I know who I was, but I think I must have changed.

I have decided to start a new blog. The truth is, I am not really a blogger.  The last blog post I wrote on Love Story was almost a year ago, and even then I rarely ever wrote anything unless it was summertime and my homework load was relatively light.  So why I am trying again?

I used to keep journals. Lots of them.  I have several books stuffed full of writing, poems, quotes, thoughts, keepsakes, and drawings - now packed away in boxes.  They span from about sixth grade through the end of high school and into the early years of my first marriage.  I stopped writing for a few years and picked up again as I was suffering through my divorce in 2007.  I wrote briefly about the early days of my relationship with Pete, and then I stopped somewhere in 2008.  School, work, motherhood and life just got too busy for me to keep a journal.  But now here I am - for the first time in many years - without homework, without a job, without a crying infant or toddler...and without a reason to not write.

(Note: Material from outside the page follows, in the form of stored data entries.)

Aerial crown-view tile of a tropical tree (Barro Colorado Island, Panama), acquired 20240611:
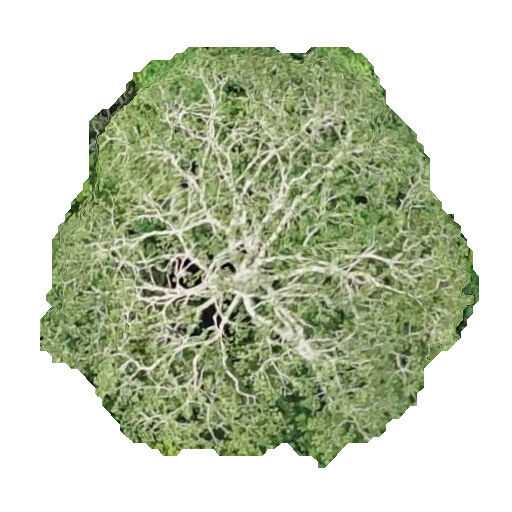
Species: Sterculia apetala
GBIF accepted scientific name: Sterculia apetala
Crown area: 213.402 m²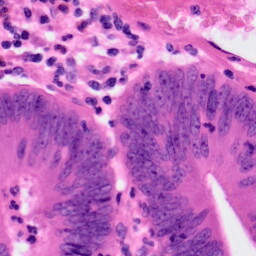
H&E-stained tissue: Colon

I have always wished that my mother had kept journals that I could read now that she is gone.  I wonder how much greater of an understanding of her life I would have if she had left some insight into the many years she lived through before I was even born.  Of course I do not have any plans of leaving my children at a young age...but I still want to give them something to look back on someday, even when I am still alive.  I would love to someday show my children proof that I once went through the same challenges and joys they are experiencing.  I am also pregnant and sick and stuck on the couch most of the time with way too much free time...so I need something to do.

So why a blog and not a handwritten journal?   Well, typing is easier and faster than writing.  That's pretty much it.

New chapter of life = New blog.
I considered simply continuing my former blog.  But it just didn't feel right.  That chapter of my life is over.  Not only did I finally finish school, but Pete, Ryan and I are living an entirely new life now than we were just six months ago.  The car accident in March served as a catalyst for change in many ways, and ever since then, life has been changing at a rapid pace.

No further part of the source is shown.